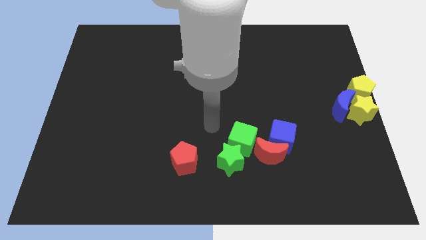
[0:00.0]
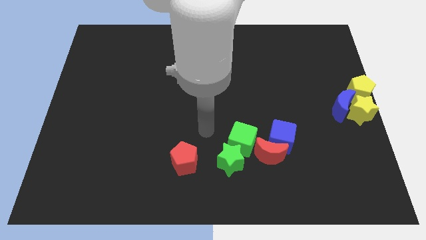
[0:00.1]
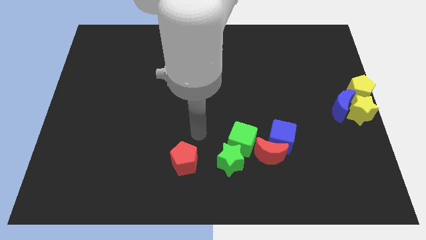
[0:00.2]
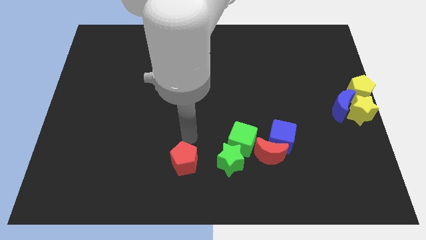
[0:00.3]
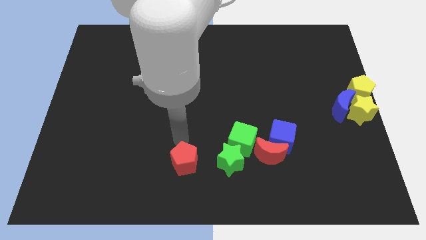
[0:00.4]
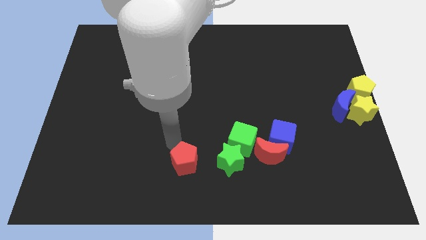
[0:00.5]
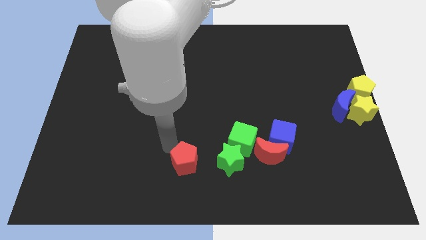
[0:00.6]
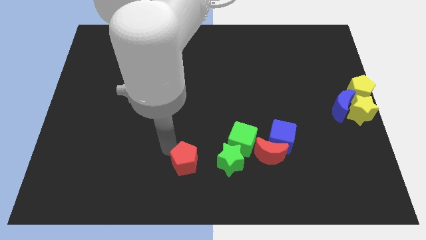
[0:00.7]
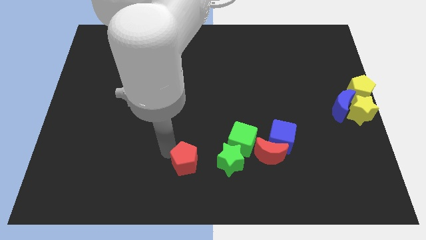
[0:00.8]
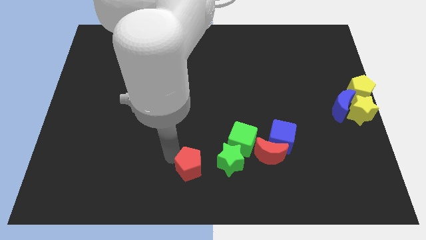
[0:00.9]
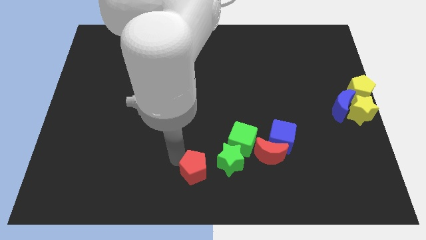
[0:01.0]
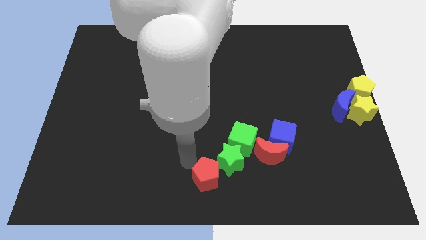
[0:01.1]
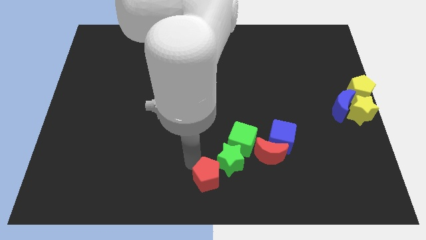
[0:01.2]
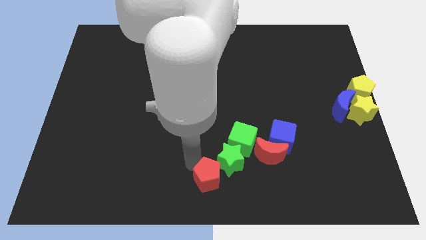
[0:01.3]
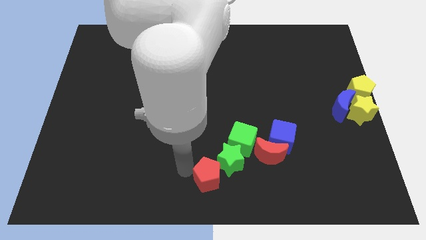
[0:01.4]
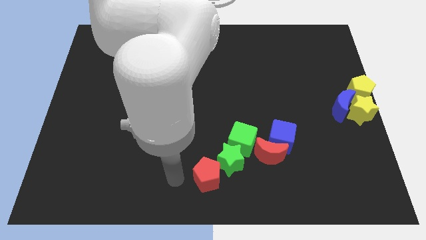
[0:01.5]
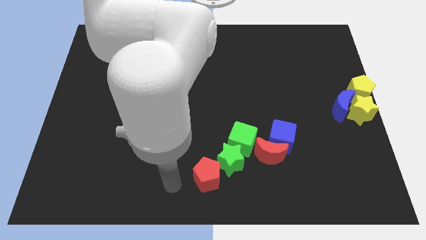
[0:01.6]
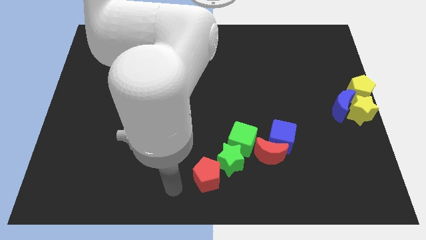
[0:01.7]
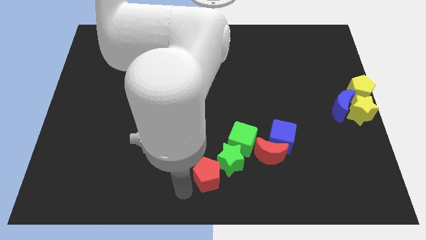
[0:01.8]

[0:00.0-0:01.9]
move the red pentagon diagonal to the green star

################

→ **The problem**:
Please set down every line of the listing verbatim, excluding its pictures.

→ **Output below**:
[0:00.0]
[0:00.1]
[0:00.2]
[0:00.3]
[0:00.4]
[0:00.5]
[0:00.6]
[0:00.7]
[0:00.8]
[0:00.9]
[0:01.0]
[0:01.1]
[0:01.2]
[0:01.3]
[0:01.4]
[0:01.5]
[0:01.6]
[0:01.7]
[0:01.8]

[0:00.0-0:01.9]
move the red pentagon diagonal to the green star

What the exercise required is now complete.